FUSE Enters Next Phase in Connecticut

In many communities throughout Connecticut, a diverse group of service providers, advocates, and private and public funders have partnered with the state’s CSH field office to target men and women who cycle in and out of the homeless service and corrections systems for placement in supportive housing. Sophisticated data analyses and aggressive engagement on the ground have enabled communities to reach the most vulnerable and highest cost clients and use housing-based solutions to reduce recidivism, improve individual outcomes, and increase public safety and public health.

The initiative, born from CSH’s Frequent Users Systems Engagement (FUSE), is now uniquely positioned to grow into phase two of FUSE – The CT Collaborative on Reentry (CCR). The CCR is the supportive housing component under Governor Dannel Malloy’s recently launched Second Chance Society, an initiative aimed at assisting ex-offenders re-entering society and providing opportunities for success and greater chances at employment. Governor Malloy’s Second Chance Society demonstrates a renewed commitment to reentry supportive housing by proposing an increase from 100 units to 400 units over the next several years.
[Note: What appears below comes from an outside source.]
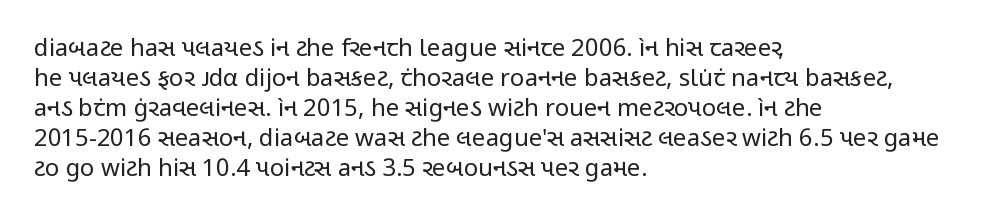
{"italic": "no", "bold": "no", "underline": "no", "align": "left", "line_spacing": "normal", "line_spacing_ratio": 1.25, "letter_spacing": "normal", "letter_spacing_em": 0.0, "glyph_px": 24}

State of Connecticut Photo

DOC Commissioner Scott Semple

The announcement came shortly after CSH’s Reentry Leadership Forum, where leaders from CT’s Dept. of Corrections (DOC) had opportunities to hear about innovative approaches to reentry housing from peers in Ohio, New York, and New England. The CSH field office subsequently invited newly confirmed DOC Commissioner Scott Semple to join Columbus House, the Chrysalis Center, and the Partnership for Strong Communities to tour apartments of people housed under the FUSE initiative, and to hear directly from tenants how FUSE has improved their lives.

The site visits also allowed Commissioner Semple to learn from FUSE program staff and case managers what successes and on-the-ground challenges they’ve faced in implementing FUSE. The Commissioner’s experience as a warden provides him with a strong understanding of the need to enhance engagement among offenders preparing for release and the need to acquaint or reacquaint people with programs that take partnered approaches to increasing employability and, in effect, housing stability and reduced recidivism. Equipped with an understanding of the problem, Commissioner Semple also came to the table ready to propose solutions:

  • Pursuing in-reach models that allow case managers and supervising officers to coordinate case plans during pre-release;
  • Transforming a state correctional facility into a Reintegration Center that provides those just released from prison or jail with the resources and options they need to be held accountable for their own successful reentry into the community.